Records contained in a dataset —
----

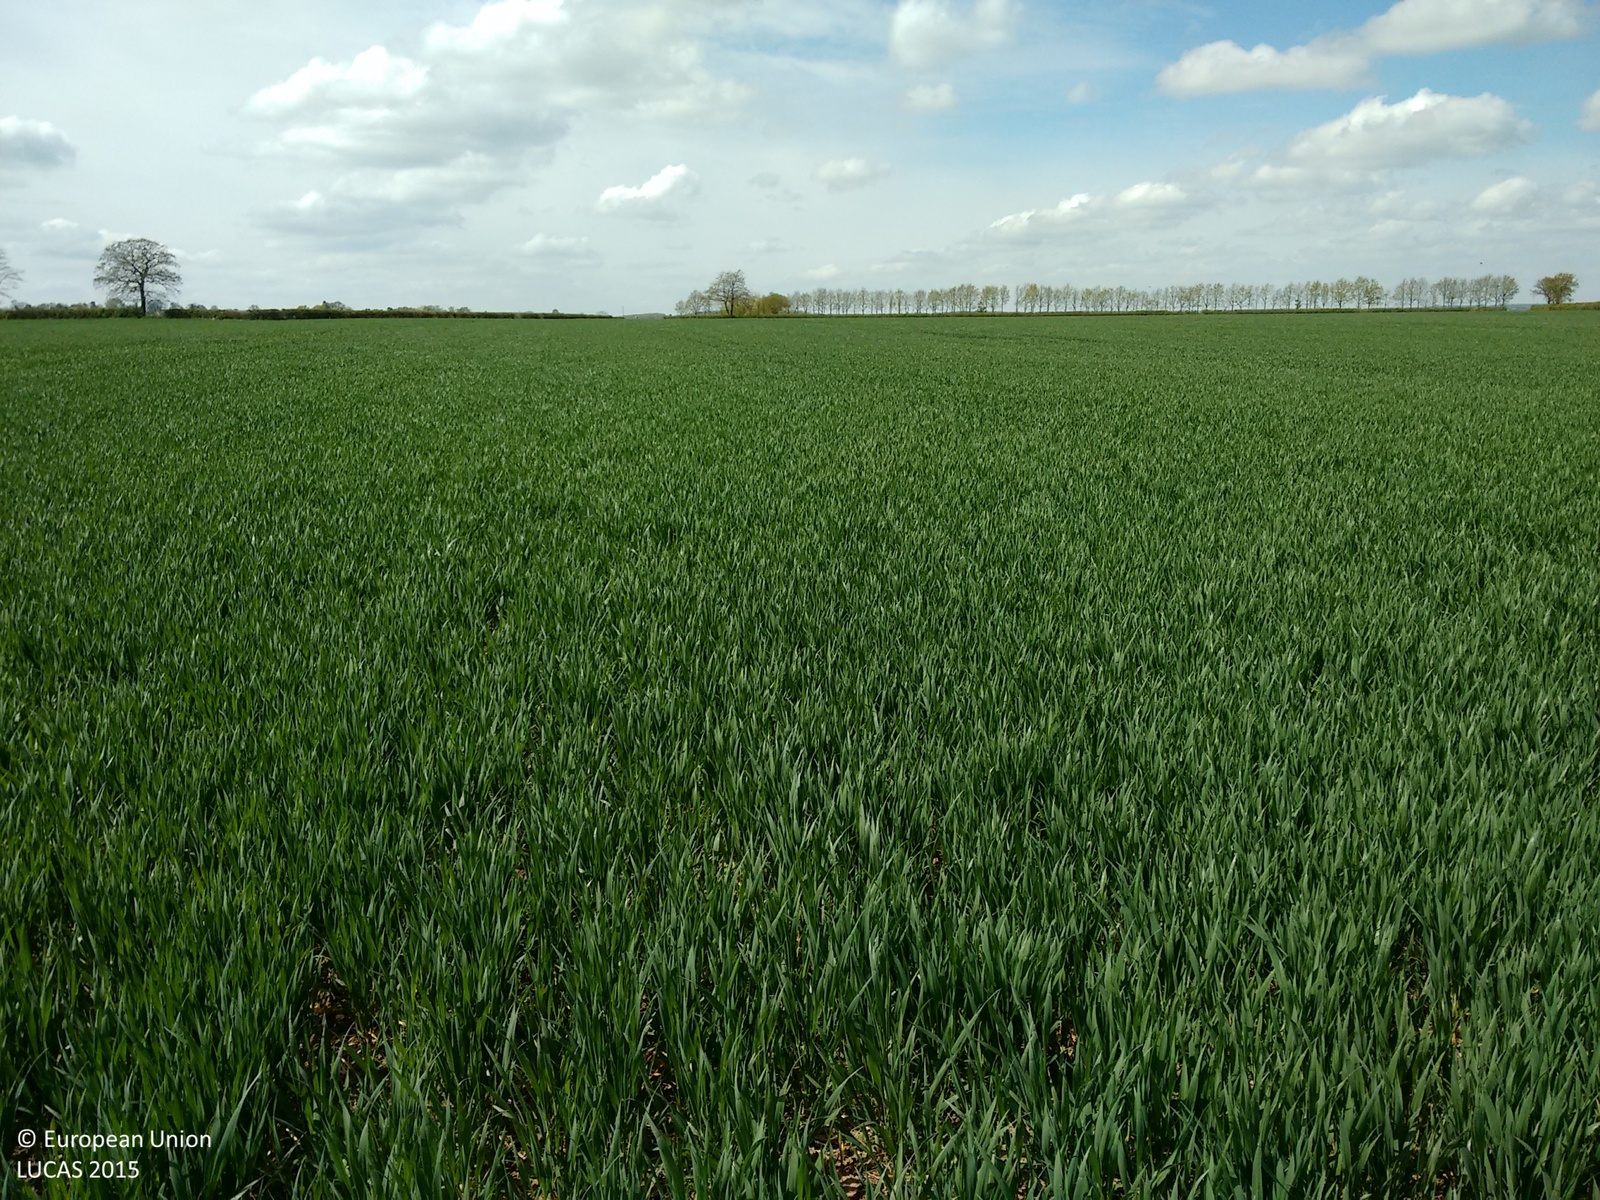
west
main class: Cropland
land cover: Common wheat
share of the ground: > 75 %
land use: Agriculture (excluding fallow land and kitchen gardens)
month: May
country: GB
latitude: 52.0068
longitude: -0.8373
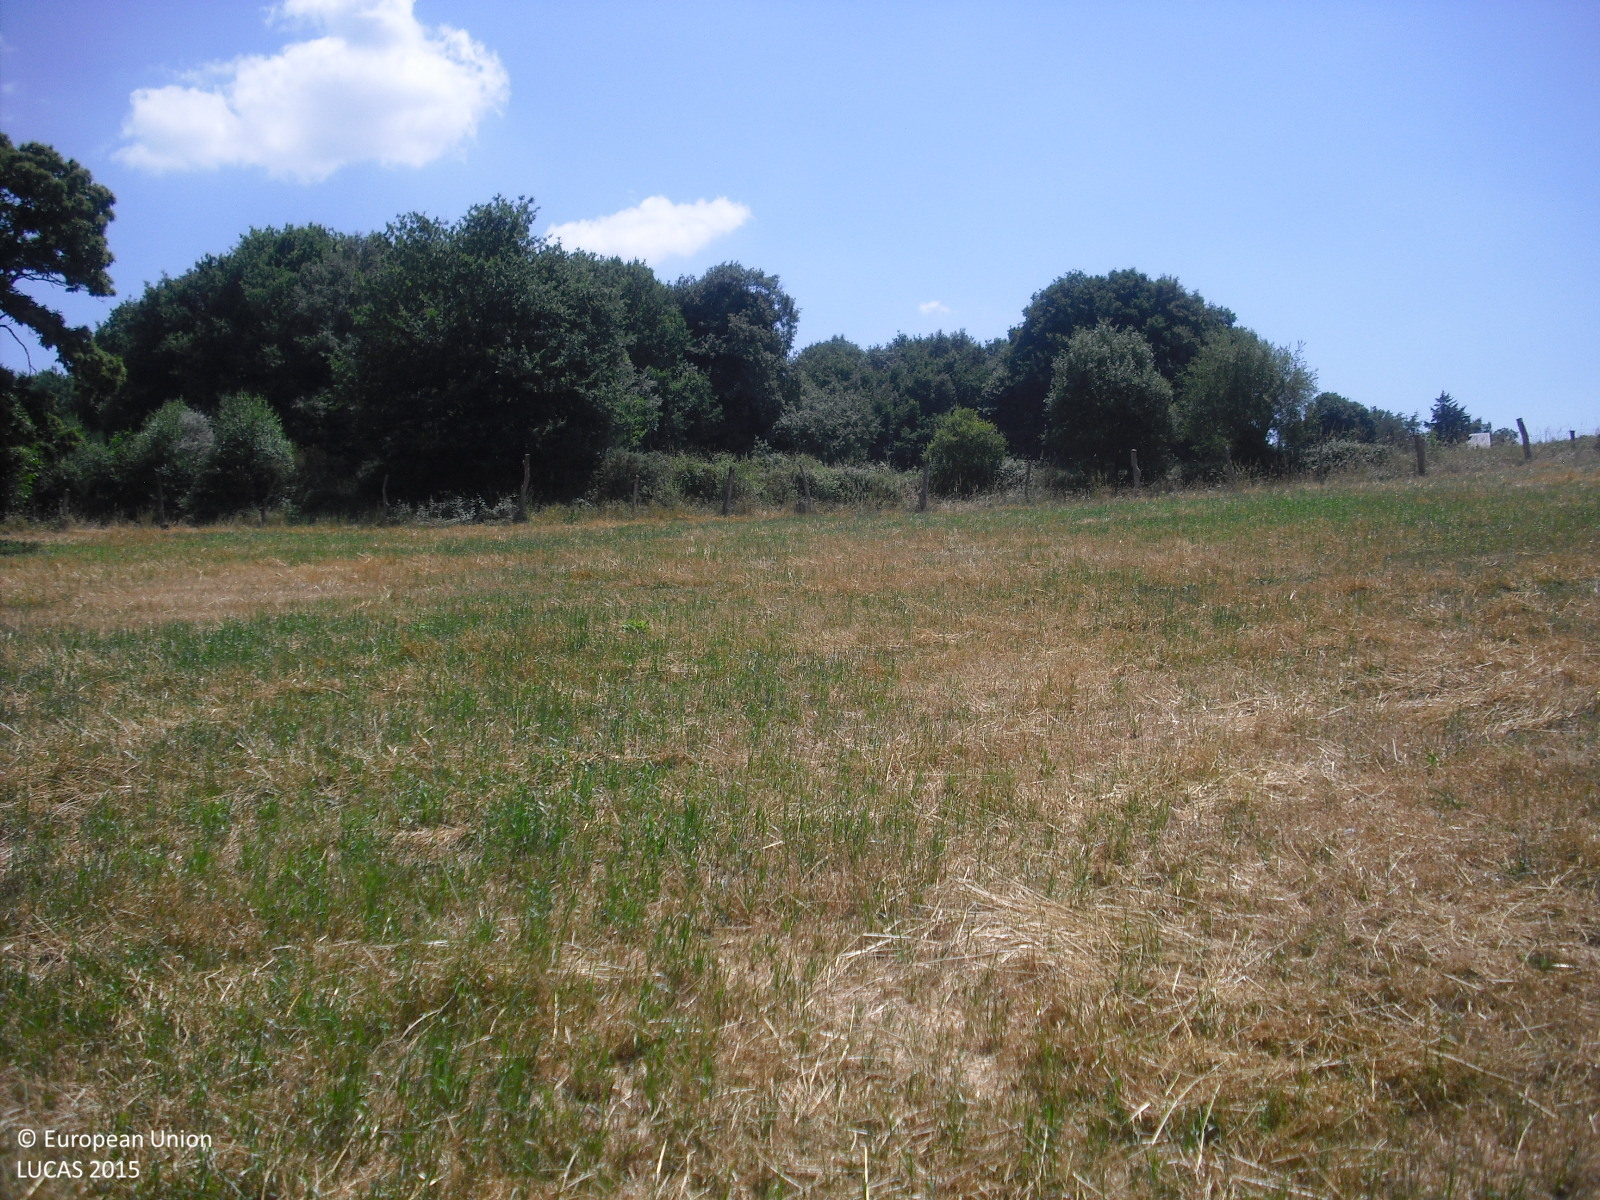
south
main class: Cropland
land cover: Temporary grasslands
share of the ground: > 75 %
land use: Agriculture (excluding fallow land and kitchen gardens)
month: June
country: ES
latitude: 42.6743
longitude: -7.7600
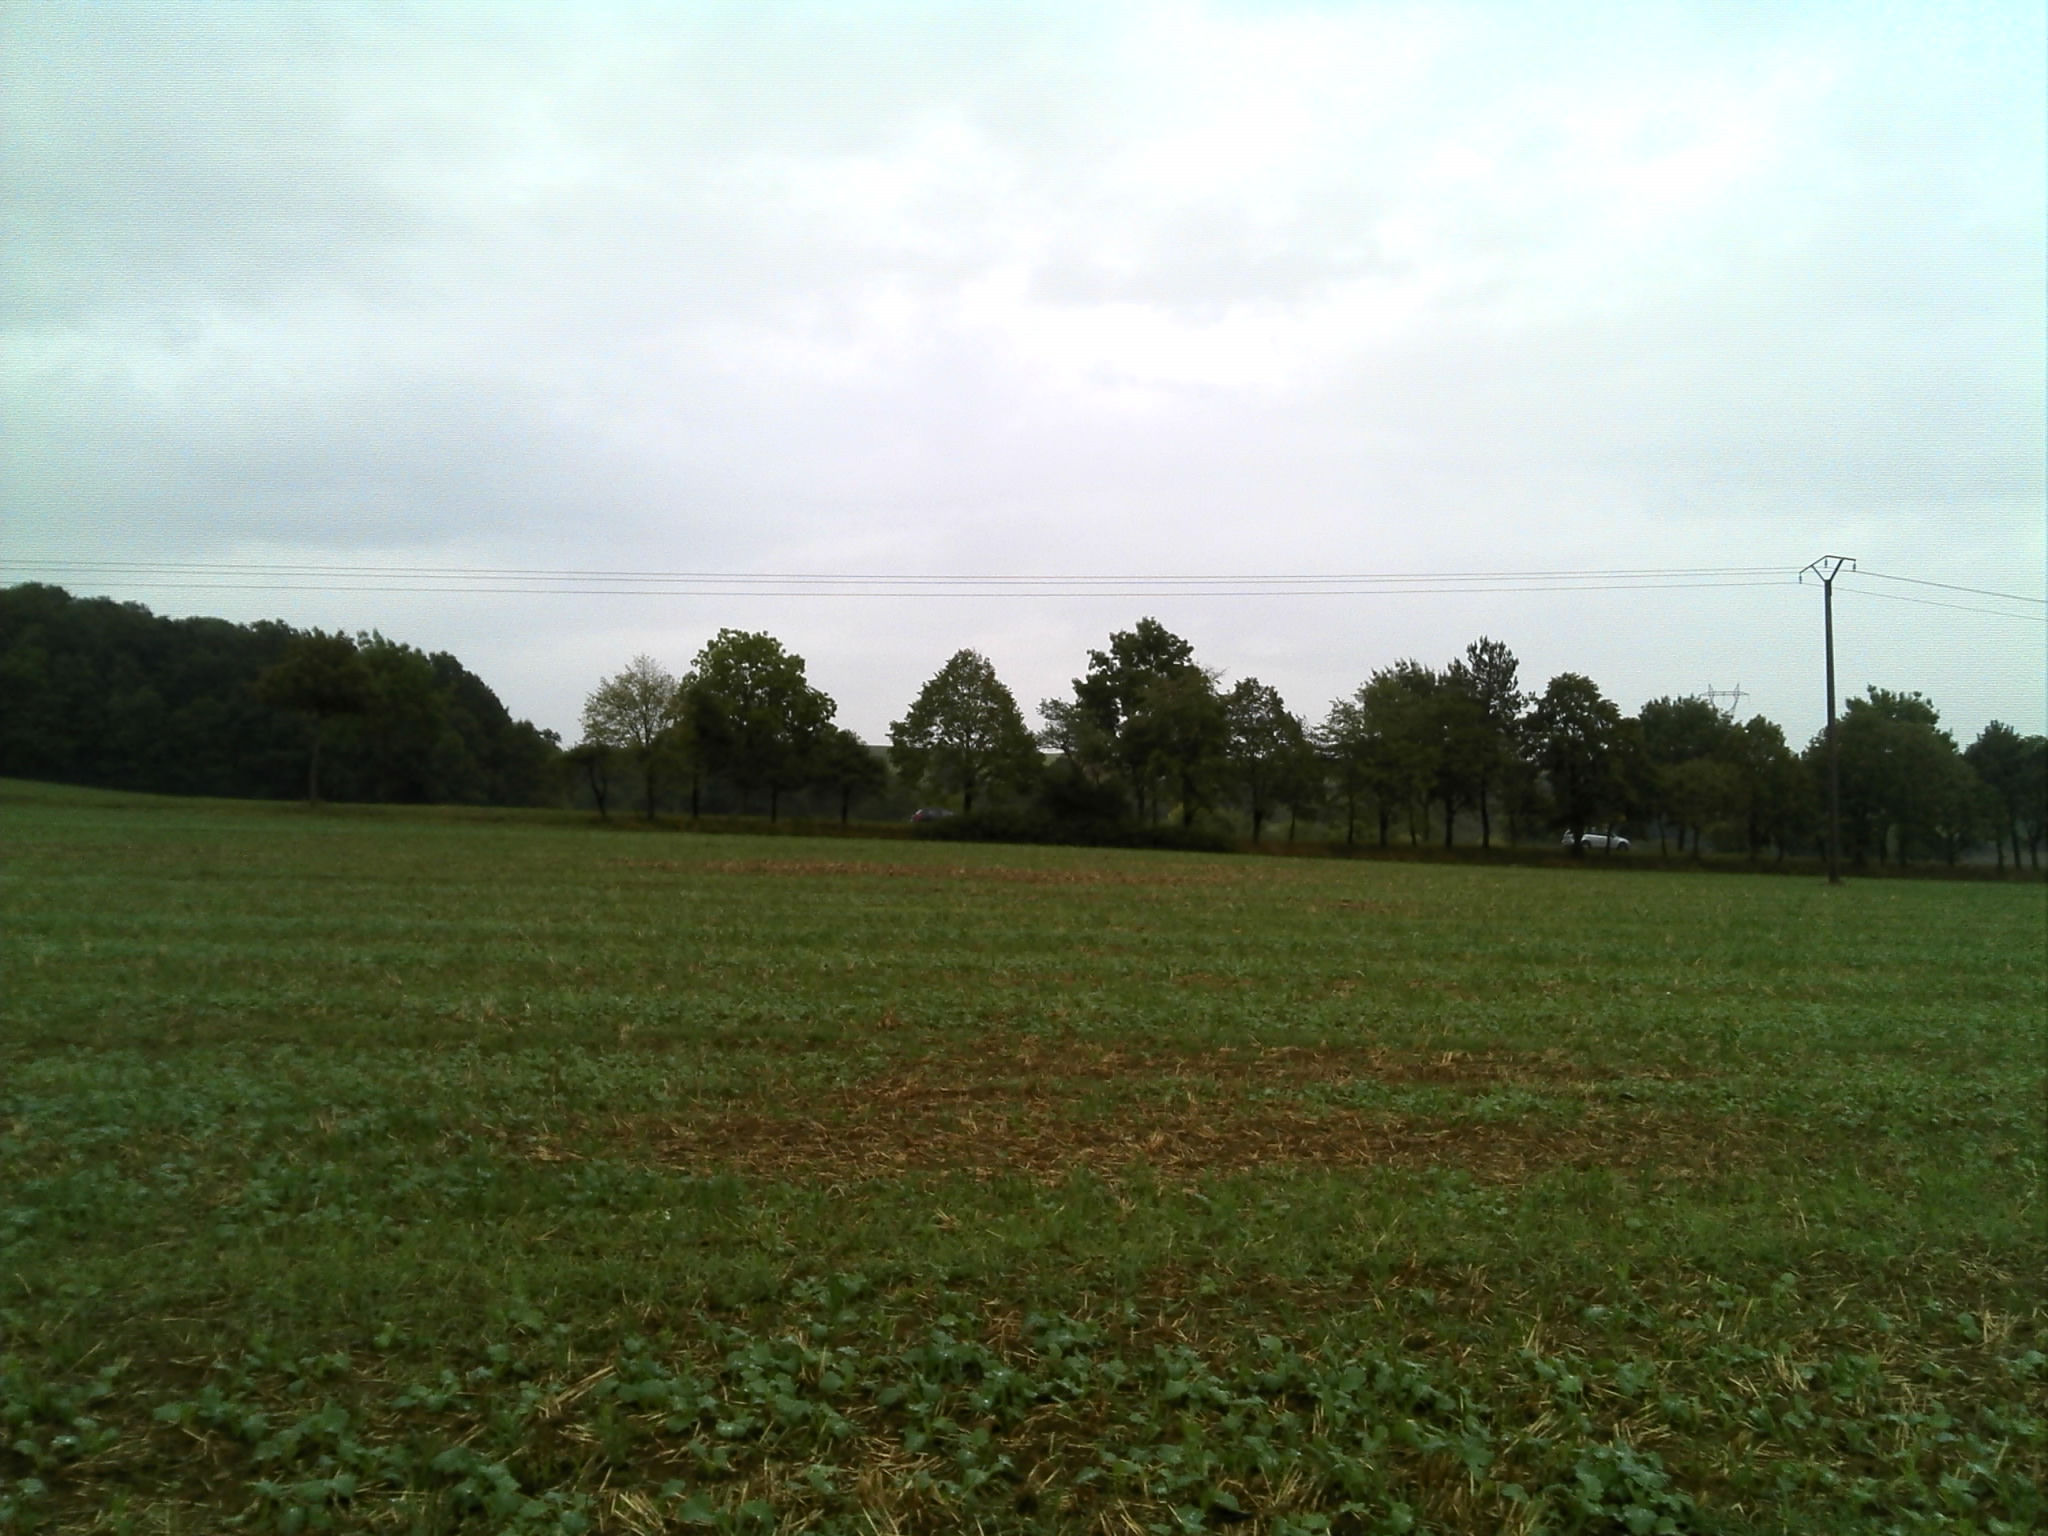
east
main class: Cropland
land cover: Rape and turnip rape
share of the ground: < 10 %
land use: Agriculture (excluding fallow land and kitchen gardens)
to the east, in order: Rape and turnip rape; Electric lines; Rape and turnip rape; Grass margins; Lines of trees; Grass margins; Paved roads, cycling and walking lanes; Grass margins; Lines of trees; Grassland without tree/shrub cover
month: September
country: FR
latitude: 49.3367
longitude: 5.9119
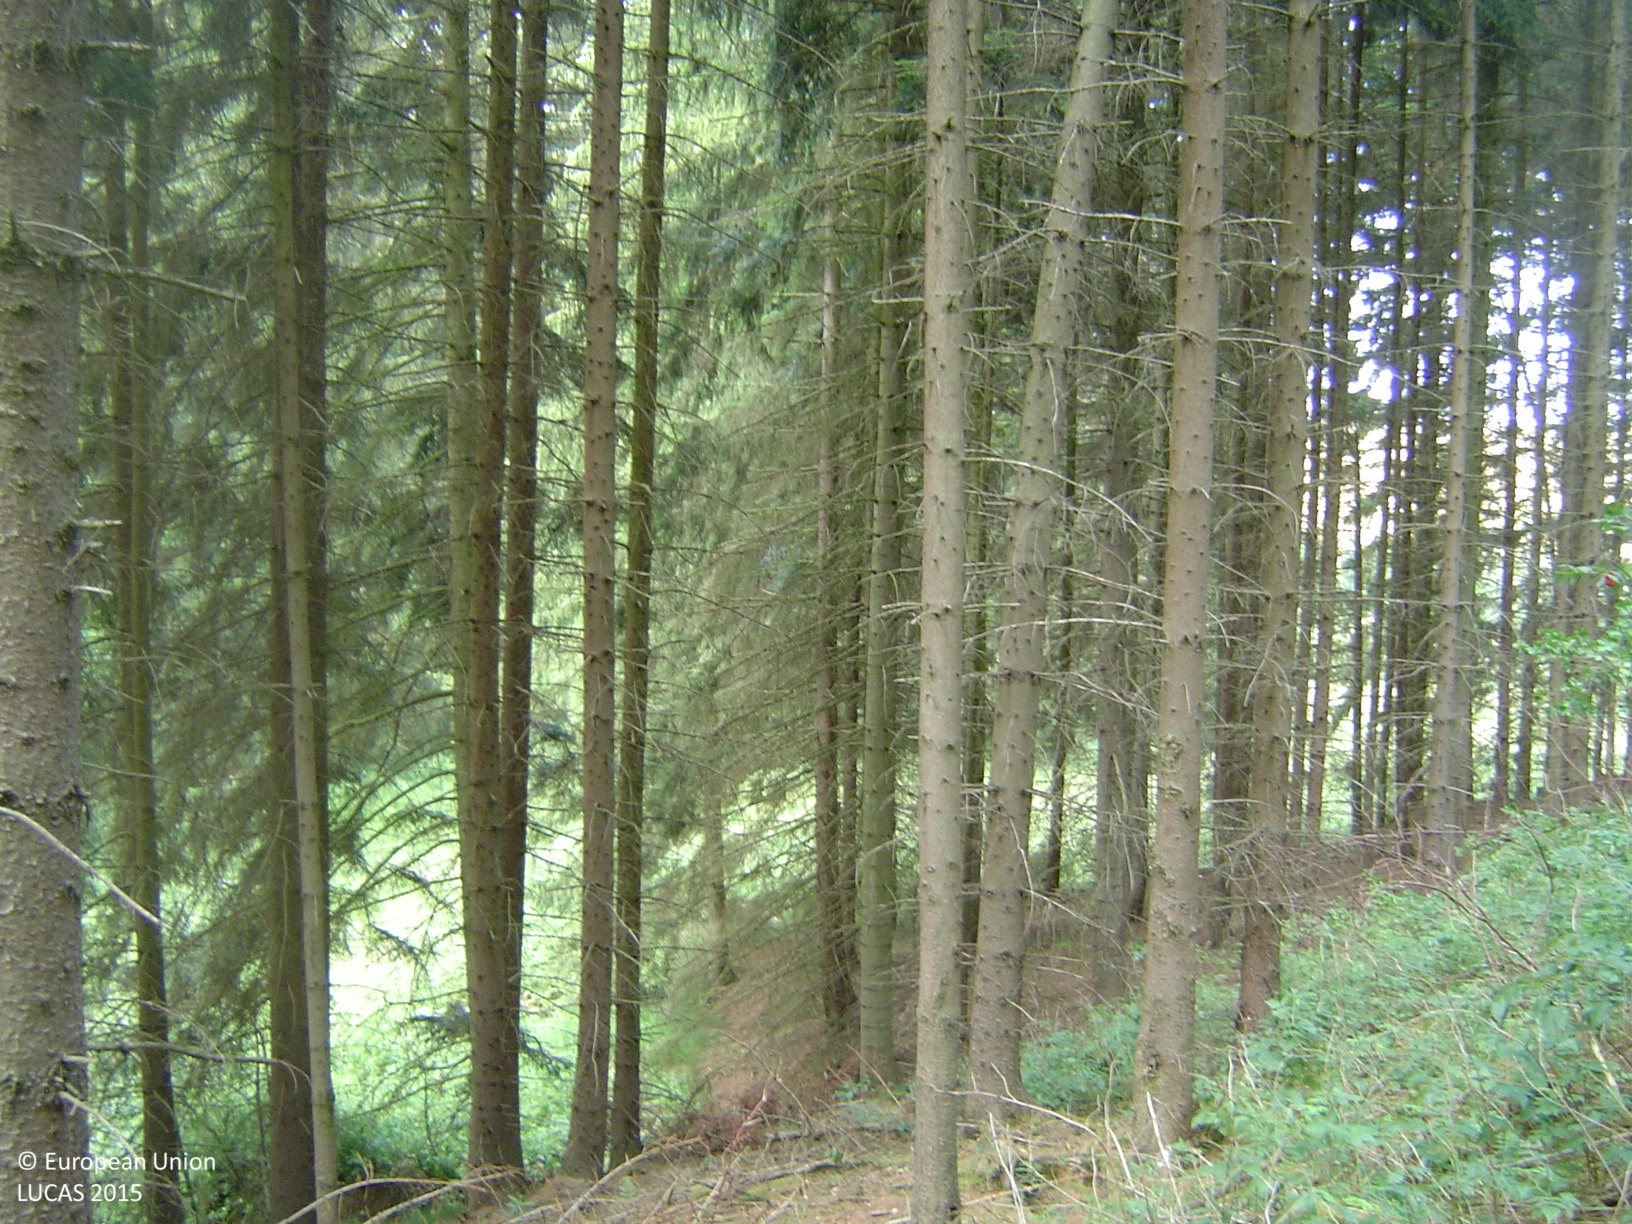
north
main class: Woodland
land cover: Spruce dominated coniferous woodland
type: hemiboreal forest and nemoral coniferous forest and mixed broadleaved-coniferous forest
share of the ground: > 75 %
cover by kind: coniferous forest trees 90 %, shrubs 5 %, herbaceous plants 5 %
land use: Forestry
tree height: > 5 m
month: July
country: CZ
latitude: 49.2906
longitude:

----

What is expected — Where an image appears in the data, skip it, and return the rest verbatim.

Output below —
west
main class: Cropland
land cover: Common wheat
share of the ground: > 75 %
land use: Agriculture (excluding fallow land and kitchen gardens)
month: May
country: GB
latitude: 52.0068
longitude: -0.8373
south
main class: Cropland
land cover: Temporary grasslands
share of the ground: > 75 %
land use: Agriculture (excluding fallow land and kitchen gardens)
month: June
country: ES
latitude: 42.6743
longitude: -7.7600
east
main class: Cropland
land cover: Rape and turnip rape
share of the ground: < 10 %
land use: Agriculture (excluding fallow land and kitchen gardens)
to the east, in order: Rape and turnip rape; Electric lines; Rape and turnip rape; Grass margins; Lines of trees; Grass margins; Paved roads, cycling and walking lanes; Grass margins; Lines of trees; Grassland without tree/shrub cover
month: September
country: FR
latitude: 49.3367
longitude: 5.9119
north
main class: Woodland
land cover: Spruce dominated coniferous woodland
type: hemiboreal forest and nemoral coniferous forest and mixed broadleaved-coniferous forest
share of the ground: > 75 %
cover by kind: coniferous forest trees 90 %, shrubs 5 %, herbaceous plants 5 %
land use: Forestry
tree height: > 5 m
month: July
country: CZ
latitude: 49.2906
longitude:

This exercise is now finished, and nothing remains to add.